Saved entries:
------------

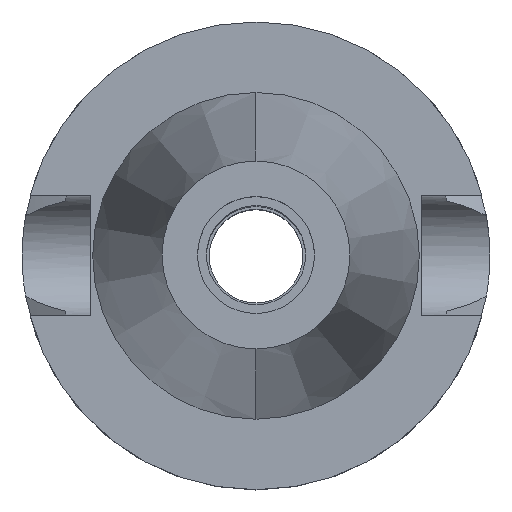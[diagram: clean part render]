
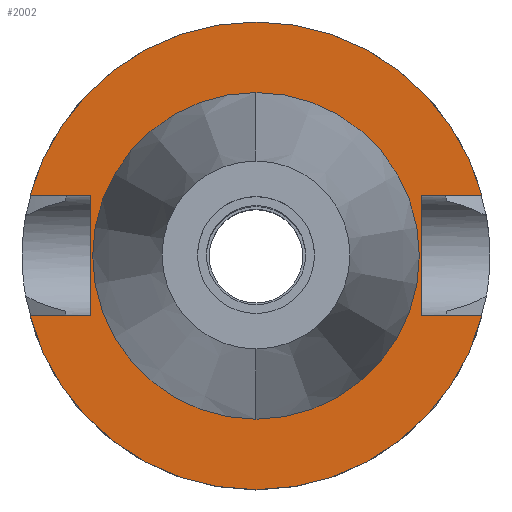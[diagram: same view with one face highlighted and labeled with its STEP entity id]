
A CAD part, top view. The second image highlights one B-rep face of the part: STEP entity #2002.
In plain terms, the highlighted planar face has unit normal (0, 0, 1).
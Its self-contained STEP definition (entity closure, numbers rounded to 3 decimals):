
#750=DIRECTION('',(1.,0.,0.));
#751=VECTOR('',#750,12.921);
#752=CARTESIAN_POINT('',(35.4,12.85,-1.5));
#753=LINE('',#752,#751);
#797=DIRECTION('',(0.,1.,0.));
#798=VECTOR('',#797,25.7);
#799=CARTESIAN_POINT('',(-35.4,-12.85,-1.5));
#800=LINE('',#799,#798);
#804=DIRECTION('',(-1.,0.,0.));
#805=VECTOR('',#804,12.921);
#806=CARTESIAN_POINT('',(-35.4,12.85,-1.5));
#807=LINE('',#806,#805);
#811=CARTESIAN_POINT('',(0.,0.,-1.5));
#812=DIRECTION('',(0.,0.,-1.));
#813=DIRECTION('',(-0.966,0.257,0.));
#814=AXIS2_PLACEMENT_3D('',#811,#812,#813);
#819=CARTESIAN_POINT('',(0.,0.,-1.5));
#820=DIRECTION('',(0.,0.,-1.));
#821=DIRECTION('',(0.,1.,0.));
#822=AXIS2_PLACEMENT_3D('',#819,#820,#821);
#827=DIRECTION('',(0.,-1.,0.));
#828=VECTOR('',#827,25.7);
#829=CARTESIAN_POINT('',(35.4,12.85,-1.5));
#830=LINE('',#829,#828);
#834=DIRECTION('',(1.,0.,0.));
#835=VECTOR('',#834,12.921);
#836=CARTESIAN_POINT('',(35.4,-12.85,-1.5));
#837=LINE('',#836,#835);
#841=CARTESIAN_POINT('',(0.,0.,-1.5));
#842=DIRECTION('',(0.,0.,-1.));
#843=DIRECTION('',(0.966,-0.257,0.));
#844=AXIS2_PLACEMENT_3D('',#841,#842,#843);
#849=CARTESIAN_POINT('',(0.,0.,-1.5));
#850=DIRECTION('',(0.,0.,-1.));
#851=DIRECTION('',(0.,-1.,0.));
#852=AXIS2_PLACEMENT_3D('',#849,#850,#851);
#857=CARTESIAN_POINT('',(0.,0.,-1.5));
#858=DIRECTION('',(0.,0.,1.));
#859=DIRECTION('',(0.,-1.,0.));
#860=AXIS2_PLACEMENT_3D('',#857,#858,#859);
#865=CARTESIAN_POINT('',(0.,0.,-1.5));
#866=DIRECTION('',(0.,0.,1.));
#867=DIRECTION('',(0.,1.,0.));
#868=AXIS2_PLACEMENT_3D('',#865,#866,#867);
#903=DIRECTION('',(-1.,0.,0.));
#904=VECTOR('',#903,12.921);
#905=CARTESIAN_POINT('',(-35.4,-12.85,-1.5));
#906=LINE('',#905,#904);
#1269=CARTESIAN_POINT('',(-35.4,-12.85,-1.5));
#1270=VERTEX_POINT('',#1269);
#1271=CARTESIAN_POINT('',(-48.321,-12.85,-1.5));
#1272=VERTEX_POINT('',#1271);
#1275=CARTESIAN_POINT('',(-35.4,12.85,-1.5));
#1276=VERTEX_POINT('',#1275);
#1277=CARTESIAN_POINT('',(-48.321,12.85,-1.5));
#1278=VERTEX_POINT('',#1277);
#1279=CARTESIAN_POINT('',(0.,50.,-1.5));
#1280=CARTESIAN_POINT('',(48.321,12.85,-1.5));
#1281=VERTEX_POINT('',#1279);
#1282=VERTEX_POINT('',#1280);
#1283=CARTESIAN_POINT('',(35.4,12.85,-1.5));
#1284=VERTEX_POINT('',#1283);
#1285=CARTESIAN_POINT('',(35.4,-12.85,-1.5));
#1286=VERTEX_POINT('',#1285);
#1287=CARTESIAN_POINT('',(48.321,-12.85,-1.5));
#1288=VERTEX_POINT('',#1287);
#1289=CARTESIAN_POINT('',(0.,-50.,-1.5));
#1290=VERTEX_POINT('',#1289);
#1291=CARTESIAN_POINT('',(0.,-34.925,-1.5));
#1292=CARTESIAN_POINT('',(0.,34.925,-1.5));
#1293=VERTEX_POINT('',#1291);
#1294=VERTEX_POINT('',#1292);
#1971=CARTESIAN_POINT('',(0.,0.,-1.5));
#1972=DIRECTION('',(0.,0.,-1.));
#1973=DIRECTION('',(0.,-1.,0.));
#1974=AXIS2_PLACEMENT_3D('',#1971,#1972,#1973);
#1975=PLANE('',#1974);
#1977=ORIENTED_EDGE('',*,*,#1976,.T.);
#1979=ORIENTED_EDGE('',*,*,#1978,.T.);
#1981=ORIENTED_EDGE('',*,*,#1980,.T.);
#1983=ORIENTED_EDGE('',*,*,#1982,.T.);
#1984=ORIENTED_EDGE('',*,*,#1947,.F.);
#1985=ORIENTED_EDGE('',*,*,#1961,.T.);
#1987=ORIENTED_EDGE('',*,*,#1986,.T.);
#1989=ORIENTED_EDGE('',*,*,#1988,.T.);
#1991=ORIENTED_EDGE('',*,*,#1990,.T.);
#1993=ORIENTED_EDGE('',*,*,#1992,.F.);
#1994=EDGE_LOOP('',(#1977,#1979,#1981,#1983,#1984,#1985,#1987,#1989,#1991,
#1993));
#1995=FACE_OUTER_BOUND('',#1994,.F.);
#1997=ORIENTED_EDGE('',*,*,#1996,.T.);
#1999=ORIENTED_EDGE('',*,*,#1998,.T.);
#2000=EDGE_LOOP('',(#1997,#1999));
#2001=FACE_BOUND('',#2000,.F.);
#815=CIRCLE('',#814,50.);
#823=CIRCLE('',#822,50.);
#845=CIRCLE('',#844,50.);
#853=CIRCLE('',#852,50.);
#861=CIRCLE('',#860,34.925);
#869=CIRCLE('',#868,34.925);
#1947=EDGE_CURVE('',#1284,#1282,#753,.T.);
#1961=EDGE_CURVE('',#1284,#1286,#830,.T.);
#1976=EDGE_CURVE('',#1270,#1276,#800,.T.);
#1978=EDGE_CURVE('',#1276,#1278,#807,.T.);
#1980=EDGE_CURVE('',#1278,#1281,#815,.T.);
#1982=EDGE_CURVE('',#1281,#1282,#823,.T.);
#1986=EDGE_CURVE('',#1286,#1288,#837,.T.);
#1988=EDGE_CURVE('',#1288,#1290,#845,.T.);
#1990=EDGE_CURVE('',#1290,#1272,#853,.T.);
#1992=EDGE_CURVE('',#1270,#1272,#906,.T.);
#1996=EDGE_CURVE('',#1293,#1294,#861,.T.);
#1998=EDGE_CURVE('',#1294,#1293,#869,.T.);
#2002=ADVANCED_FACE('',(#1995,#2001),#1975,.F.);

------------

WORK REQUIRED – A verbatim transcript of the entries above is required, with the pictures left out.

THE ANSWER –
[diagram: clean part render]
[diagram: same view with one face highlighted and labeled with its STEP entity id]
A CAD part, top view. The second image highlights one B-rep face of the part: STEP entity #2002.
In plain terms, the highlighted planar face has unit normal (0, 0, 1).
Its self-contained STEP definition (entity closure, numbers rounded to 3 decimals):
#750=DIRECTION('',(1.,0.,0.));
#751=VECTOR('',#750,12.921);
#752=CARTESIAN_POINT('',(35.4,12.85,-1.5));
#753=LINE('',#752,#751);
#797=DIRECTION('',(0.,1.,0.));
#798=VECTOR('',#797,25.7);
#799=CARTESIAN_POINT('',(-35.4,-12.85,-1.5));
#800=LINE('',#799,#798);
#804=DIRECTION('',(-1.,0.,0.));
#805=VECTOR('',#804,12.921);
#806=CARTESIAN_POINT('',(-35.4,12.85,-1.5));
#807=LINE('',#806,#805);
#811=CARTESIAN_POINT('',(0.,0.,-1.5));
#812=DIRECTION('',(0.,0.,-1.));
#813=DIRECTION('',(-0.966,0.257,0.));
#814=AXIS2_PLACEMENT_3D('',#811,#812,#813);
#819=CARTESIAN_POINT('',(0.,0.,-1.5));
#820=DIRECTION('',(0.,0.,-1.));
#821=DIRECTION('',(0.,1.,0.));
#822=AXIS2_PLACEMENT_3D('',#819,#820,#821);
#827=DIRECTION('',(0.,-1.,0.));
#828=VECTOR('',#827,25.7);
#829=CARTESIAN_POINT('',(35.4,12.85,-1.5));
#830=LINE('',#829,#828);
#834=DIRECTION('',(1.,0.,0.));
#835=VECTOR('',#834,12.921);
#836=CARTESIAN_POINT('',(35.4,-12.85,-1.5));
#837=LINE('',#836,#835);
#841=CARTESIAN_POINT('',(0.,0.,-1.5));
#842=DIRECTION('',(0.,0.,-1.));
#843=DIRECTION('',(0.966,-0.257,0.));
#844=AXIS2_PLACEMENT_3D('',#841,#842,#843);
#849=CARTESIAN_POINT('',(0.,0.,-1.5));
#850=DIRECTION('',(0.,0.,-1.));
#851=DIRECTION('',(0.,-1.,0.));
#852=AXIS2_PLACEMENT_3D('',#849,#850,#851);
#857=CARTESIAN_POINT('',(0.,0.,-1.5));
#858=DIRECTION('',(0.,0.,1.));
#859=DIRECTION('',(0.,-1.,0.));
#860=AXIS2_PLACEMENT_3D('',#857,#858,#859);
#865=CARTESIAN_POINT('',(0.,0.,-1.5));
#866=DIRECTION('',(0.,0.,1.));
#867=DIRECTION('',(0.,1.,0.));
#868=AXIS2_PLACEMENT_3D('',#865,#866,#867);
#903=DIRECTION('',(-1.,0.,0.));
#904=VECTOR('',#903,12.921);
#905=CARTESIAN_POINT('',(-35.4,-12.85,-1.5));
#906=LINE('',#905,#904);
#1269=CARTESIAN_POINT('',(-35.4,-12.85,-1.5));
#1270=VERTEX_POINT('',#1269);
#1271=CARTESIAN_POINT('',(-48.321,-12.85,-1.5));
#1272=VERTEX_POINT('',#1271);
#1275=CARTESIAN_POINT('',(-35.4,12.85,-1.5));
#1276=VERTEX_POINT('',#1275);
#1277=CARTESIAN_POINT('',(-48.321,12.85,-1.5));
#1278=VERTEX_POINT('',#1277);
#1279=CARTESIAN_POINT('',(0.,50.,-1.5));
#1280=CARTESIAN_POINT('',(48.321,12.85,-1.5));
#1281=VERTEX_POINT('',#1279);
#1282=VERTEX_POINT('',#1280);
#1283=CARTESIAN_POINT('',(35.4,12.85,-1.5));
#1284=VERTEX_POINT('',#1283);
#1285=CARTESIAN_POINT('',(35.4,-12.85,-1.5));
#1286=VERTEX_POINT('',#1285);
#1287=CARTESIAN_POINT('',(48.321,-12.85,-1.5));
#1288=VERTEX_POINT('',#1287);
#1289=CARTESIAN_POINT('',(0.,-50.,-1.5));
#1290=VERTEX_POINT('',#1289);
#1291=CARTESIAN_POINT('',(0.,-34.925,-1.5));
#1292=CARTESIAN_POINT('',(0.,34.925,-1.5));
#1293=VERTEX_POINT('',#1291);
#1294=VERTEX_POINT('',#1292);
#1971=CARTESIAN_POINT('',(0.,0.,-1.5));
#1972=DIRECTION('',(0.,0.,-1.));
#1973=DIRECTION('',(0.,-1.,0.));
#1974=AXIS2_PLACEMENT_3D('',#1971,#1972,#1973);
#1975=PLANE('',#1974);
#1977=ORIENTED_EDGE('',*,*,#1976,.T.);
#1979=ORIENTED_EDGE('',*,*,#1978,.T.);
#1981=ORIENTED_EDGE('',*,*,#1980,.T.);
#1983=ORIENTED_EDGE('',*,*,#1982,.T.);
#1984=ORIENTED_EDGE('',*,*,#1947,.F.);
#1985=ORIENTED_EDGE('',*,*,#1961,.T.);
#1987=ORIENTED_EDGE('',*,*,#1986,.T.);
#1989=ORIENTED_EDGE('',*,*,#1988,.T.);
#1991=ORIENTED_EDGE('',*,*,#1990,.T.);
#1993=ORIENTED_EDGE('',*,*,#1992,.F.);
#1994=EDGE_LOOP('',(#1977,#1979,#1981,#1983,#1984,#1985,#1987,#1989,#1991,
#1993));
#1995=FACE_OUTER_BOUND('',#1994,.F.);
#1997=ORIENTED_EDGE('',*,*,#1996,.T.);
#1999=ORIENTED_EDGE('',*,*,#1998,.T.);
#2000=EDGE_LOOP('',(#1997,#1999));
#2001=FACE_BOUND('',#2000,.F.);
#815=CIRCLE('',#814,50.);
#823=CIRCLE('',#822,50.);
#845=CIRCLE('',#844,50.);
#853=CIRCLE('',#852,50.);
#861=CIRCLE('',#860,34.925);
#869=CIRCLE('',#868,34.925);
#1947=EDGE_CURVE('',#1284,#1282,#753,.T.);
#1961=EDGE_CURVE('',#1284,#1286,#830,.T.);
#1976=EDGE_CURVE('',#1270,#1276,#800,.T.);
#1978=EDGE_CURVE('',#1276,#1278,#807,.T.);
#1980=EDGE_CURVE('',#1278,#1281,#815,.T.);
#1982=EDGE_CURVE('',#1281,#1282,#823,.T.);
#1986=EDGE_CURVE('',#1286,#1288,#837,.T.);
#1988=EDGE_CURVE('',#1288,#1290,#845,.T.);
#1990=EDGE_CURVE('',#1290,#1272,#853,.T.);
#1992=EDGE_CURVE('',#1270,#1272,#906,.T.);
#1996=EDGE_CURVE('',#1293,#1294,#861,.T.);
#1998=EDGE_CURVE('',#1294,#1293,#869,.T.);
#2002=ADVANCED_FACE('',(#1995,#2001),#1975,.F.);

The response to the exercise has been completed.